Items from a dataset:
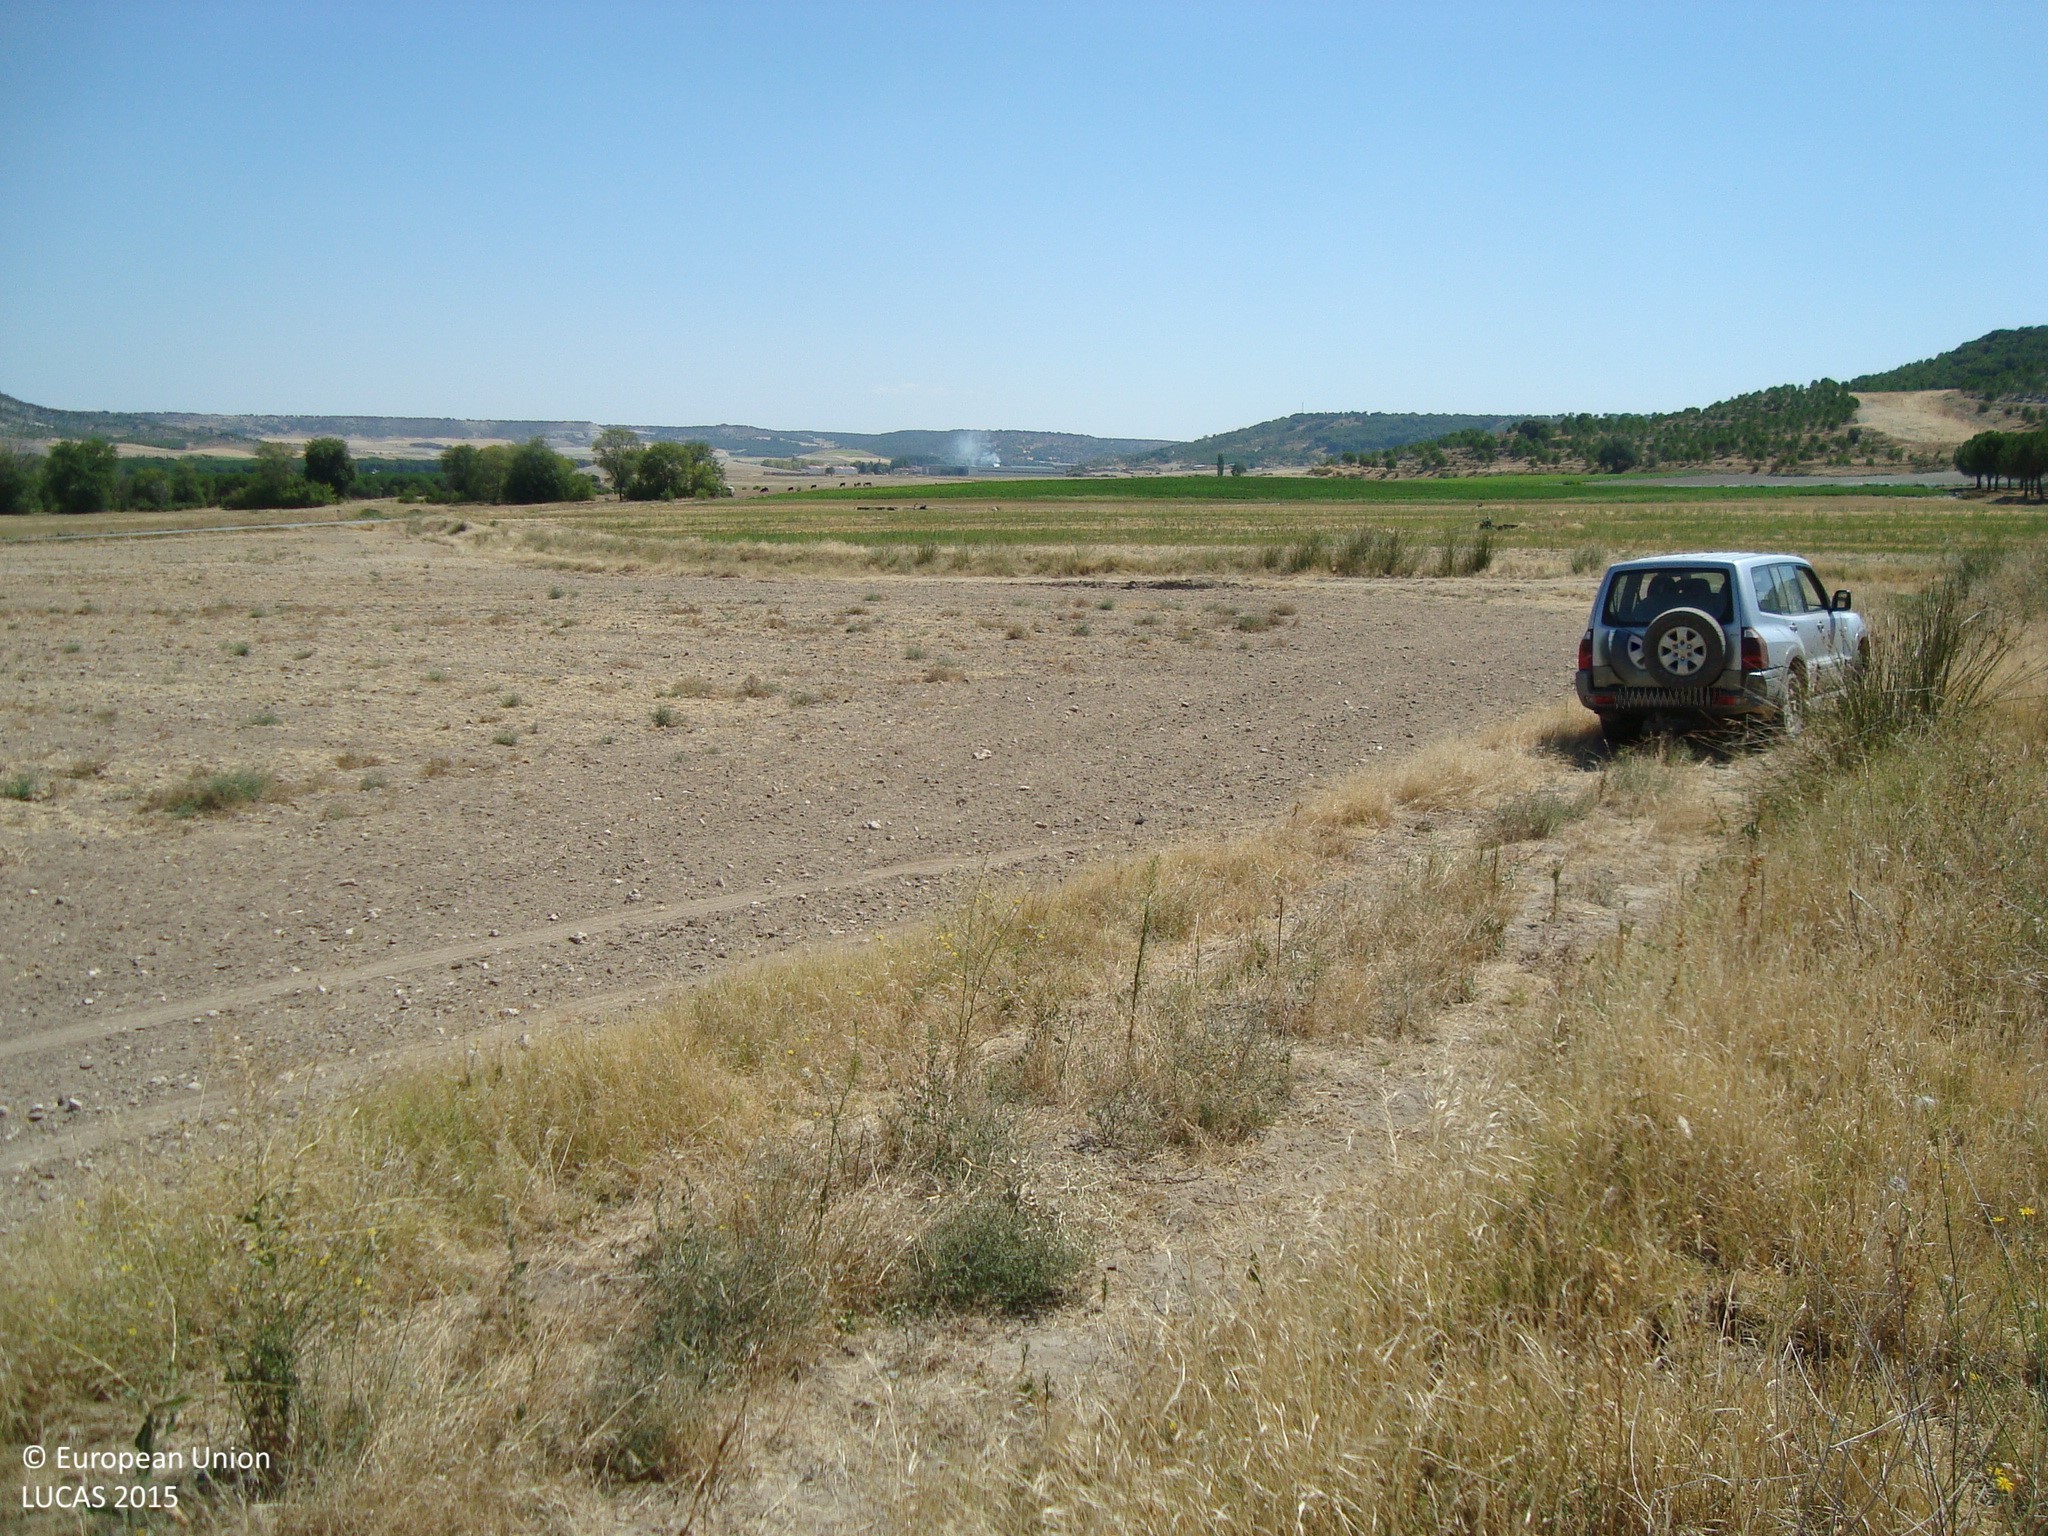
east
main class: Woodland
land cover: Pine dominated coniferous woodland
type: coniferous forest of the mediterranean region
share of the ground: 25 - 50 %
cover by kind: herbaceous plants 60 %, coniferous forest trees 40 %
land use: Forestry
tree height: < 5 m
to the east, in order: Pine dominated coniferous woodland; Grass margins; Tracks; Grass margins; Other bare soil; Tracks; Grass margins; Other bare soil; Barley; Artificial constructions; Barley
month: August
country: ES
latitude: 41.4066
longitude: -4.5980
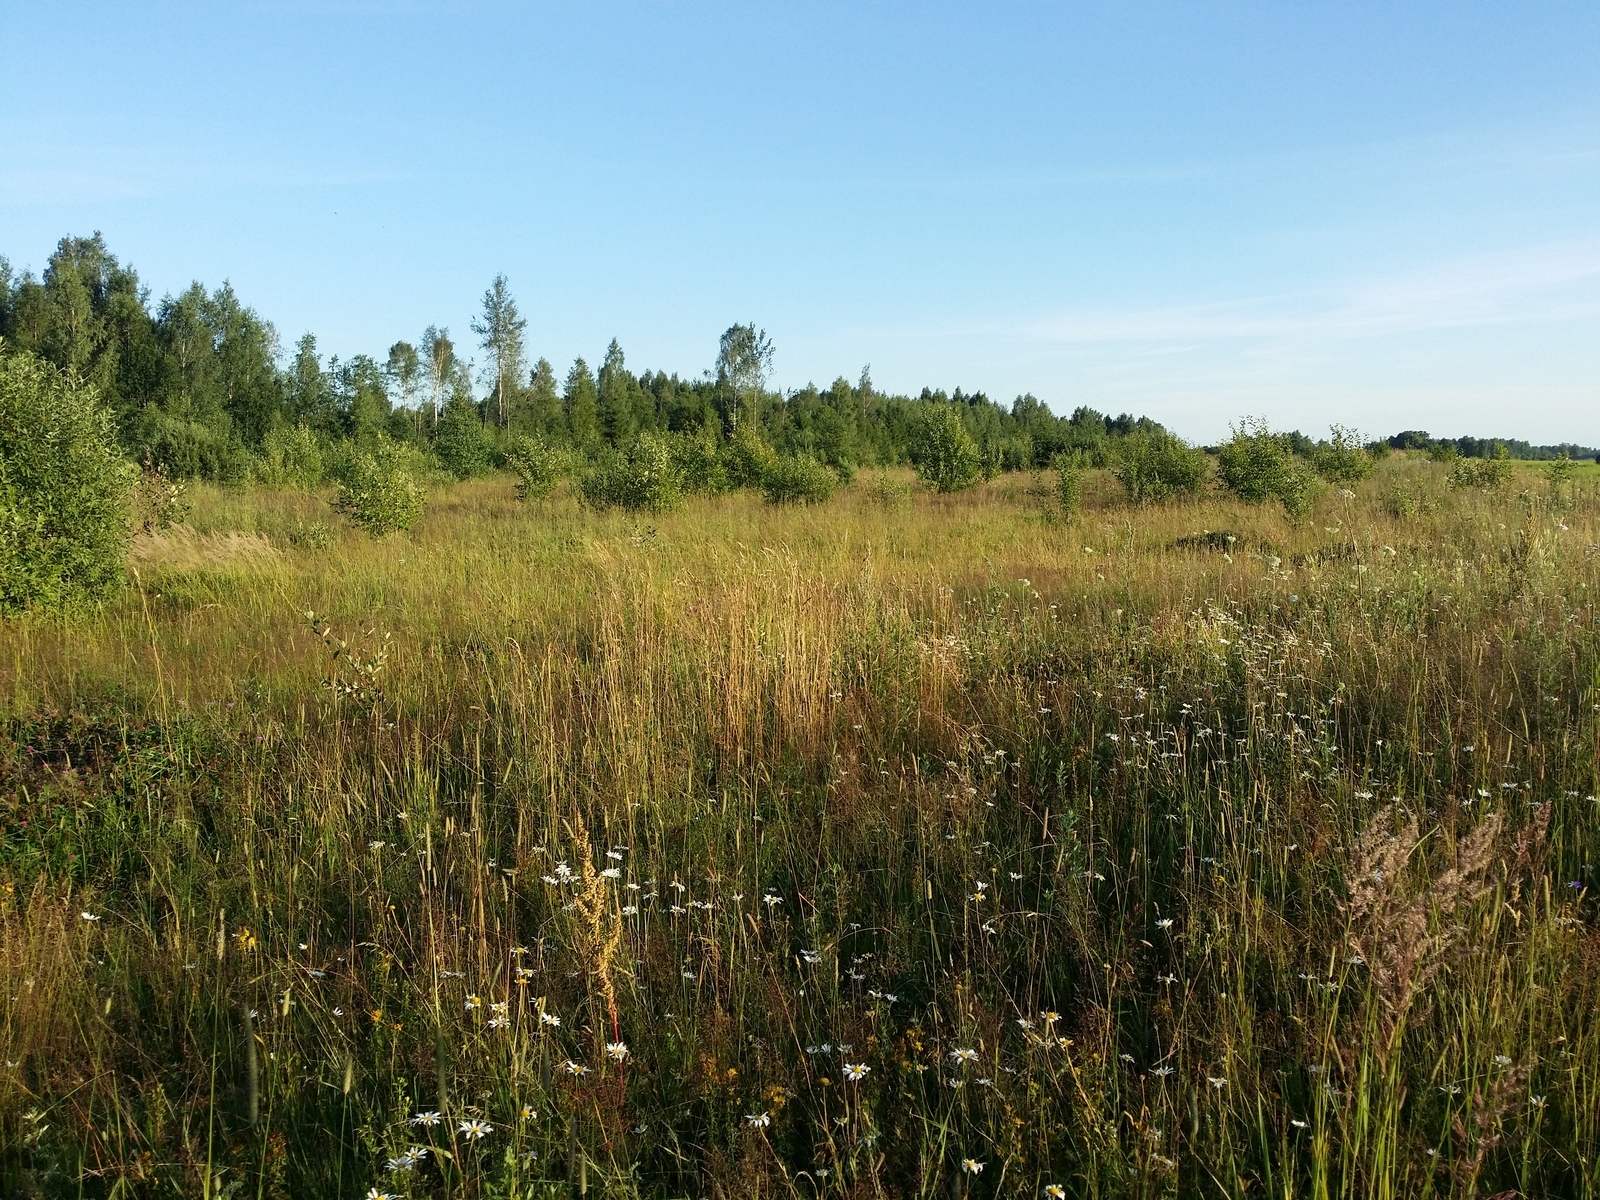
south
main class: Grassland
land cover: Spontaneously vegetated surfaces
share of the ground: > 75 %
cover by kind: herbaceous plants 100 %
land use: Semi-natural and natural areas not in use
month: July
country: LV
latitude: 57.1124
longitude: 27.2245
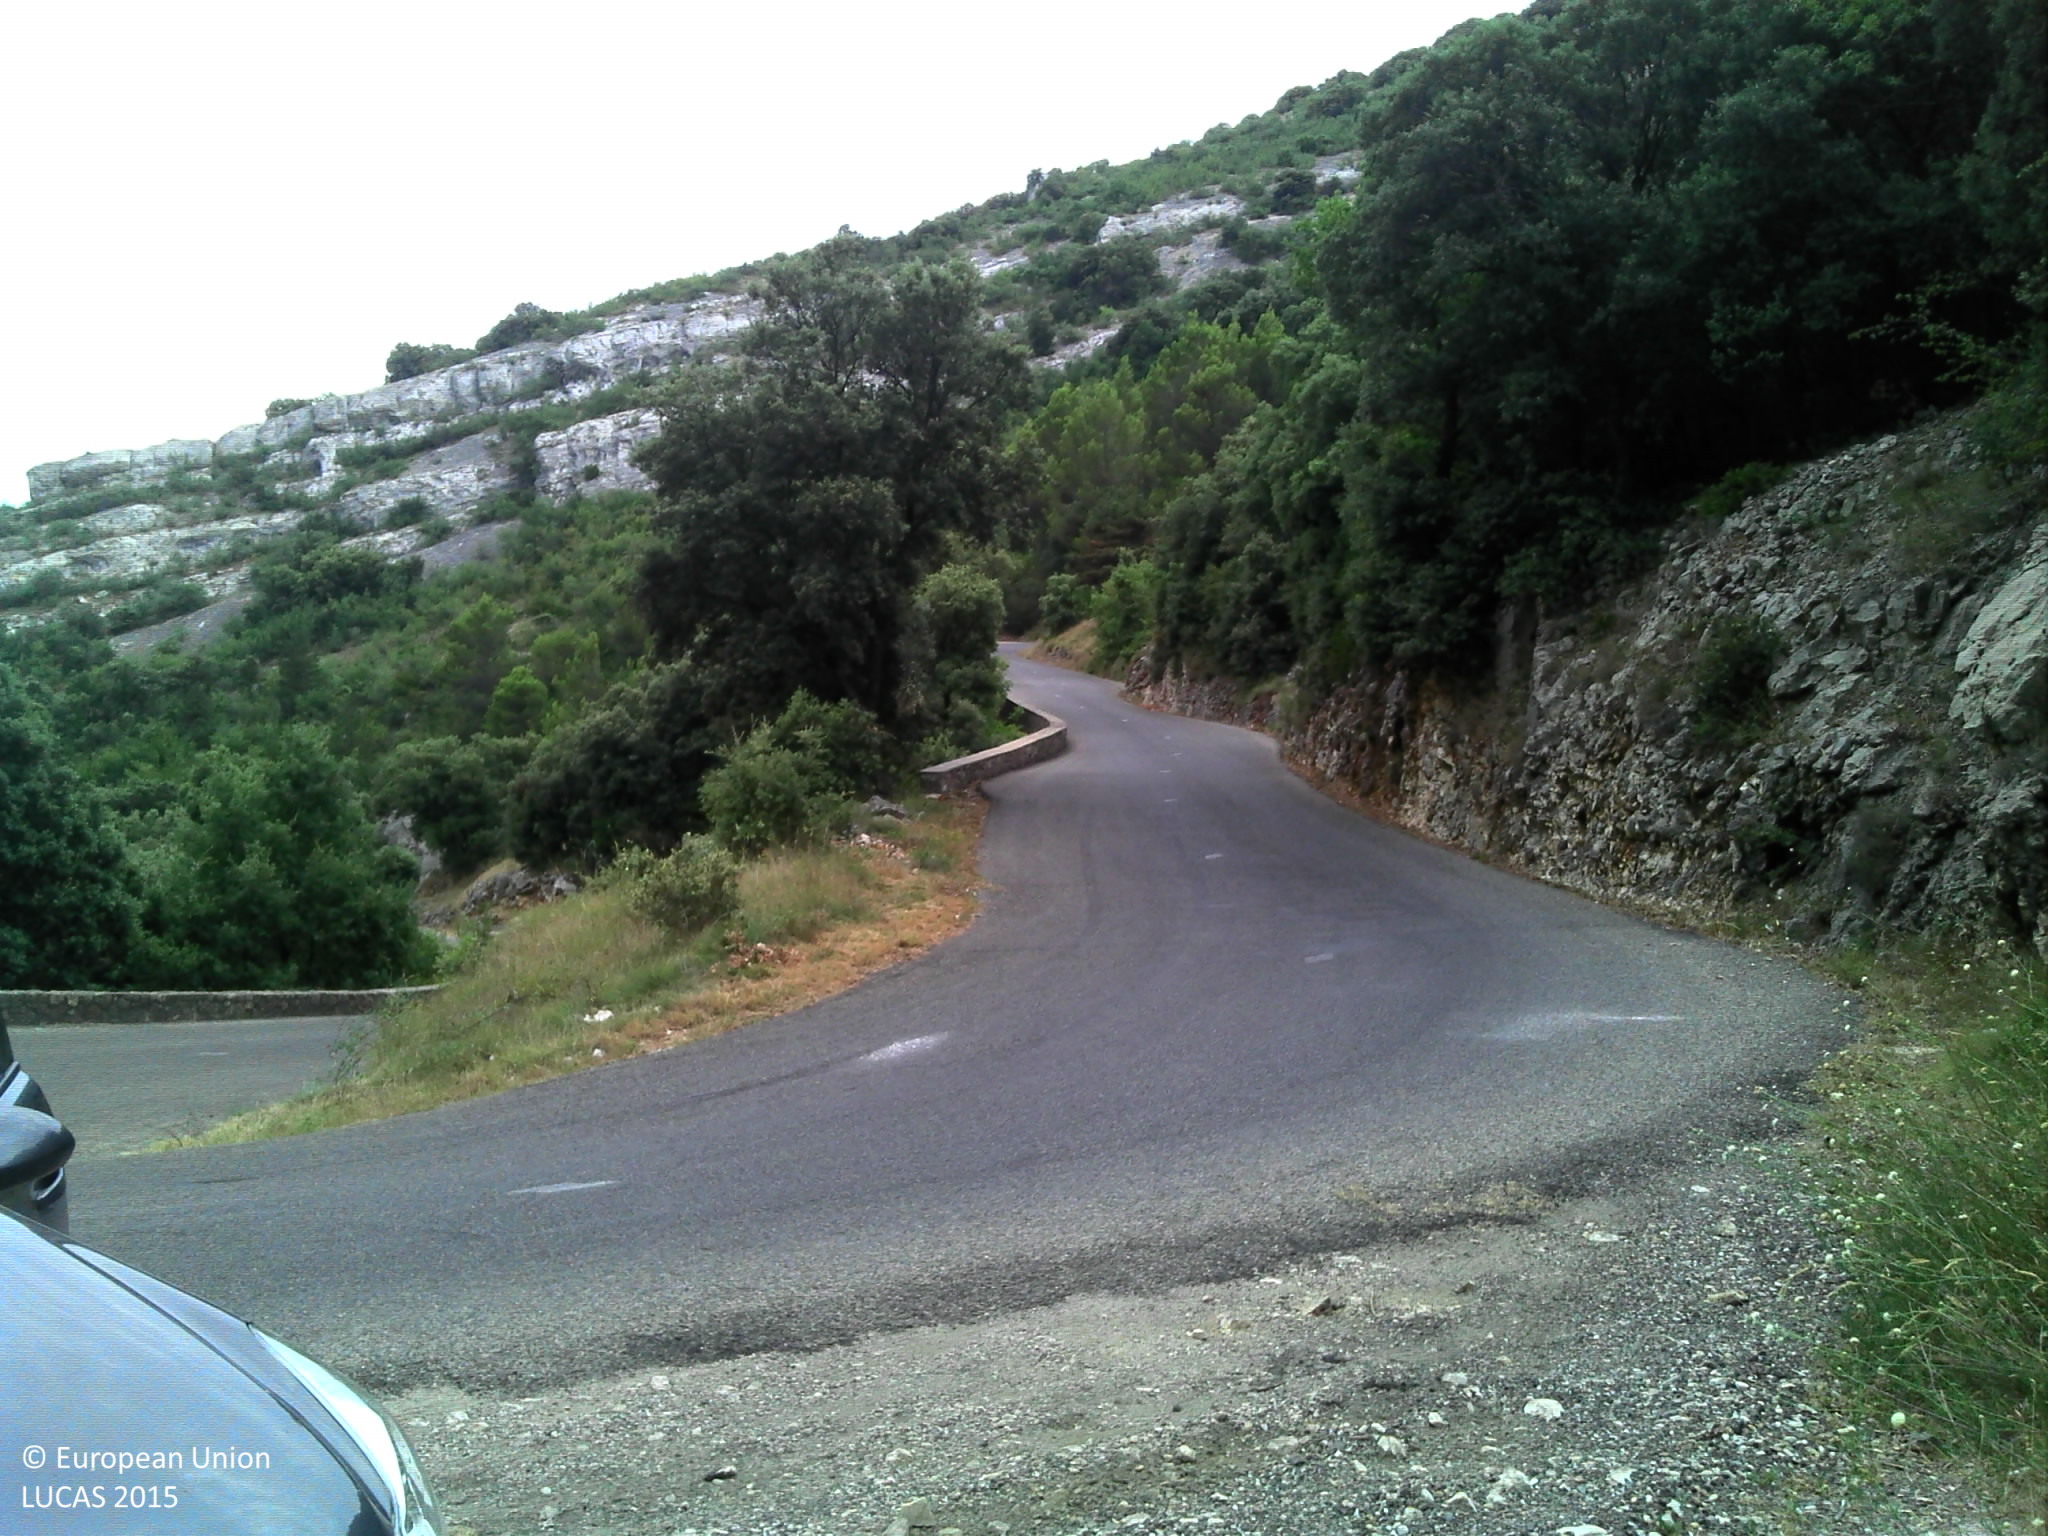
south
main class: Woodland
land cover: Broadleaved woodland
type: broadleaved evergreen forest
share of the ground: > 75 %
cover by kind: broadleaved forest trees 50 %
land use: Semi-natural and natural areas not in use
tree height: > 5 m
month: July
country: FR
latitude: 44.4458
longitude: 4.6164

§ About this task
The records above must be printed exactly; the pictures stay out.

§ Written answer
east
main class: Woodland
land cover: Pine dominated coniferous woodland
type: coniferous forest of the mediterranean region
share of the ground: 25 - 50 %
cover by kind: herbaceous plants 60 %, coniferous forest trees 40 %
land use: Forestry
tree height: < 5 m
to the east, in order: Pine dominated coniferous woodland; Grass margins; Tracks; Grass margins; Other bare soil; Tracks; Grass margins; Other bare soil; Barley; Artificial constructions; Barley
month: August
country: ES
latitude: 41.4066
longitude: -4.5980
south
main class: Grassland
land cover: Spontaneously vegetated surfaces
share of the ground: > 75 %
cover by kind: herbaceous plants 100 %
land use: Semi-natural and natural areas not in use
month: July
country: LV
latitude: 57.1124
longitude: 27.2245
south
main class: Woodland
land cover: Broadleaved woodland
type: broadleaved evergreen forest
share of the ground: > 75 %
cover by kind: broadleaved forest trees 50 %
land use: Semi-natural and natural areas not in use
tree height: > 5 m
month: July
country: FR
latitude: 44.4458
longitude: 4.6164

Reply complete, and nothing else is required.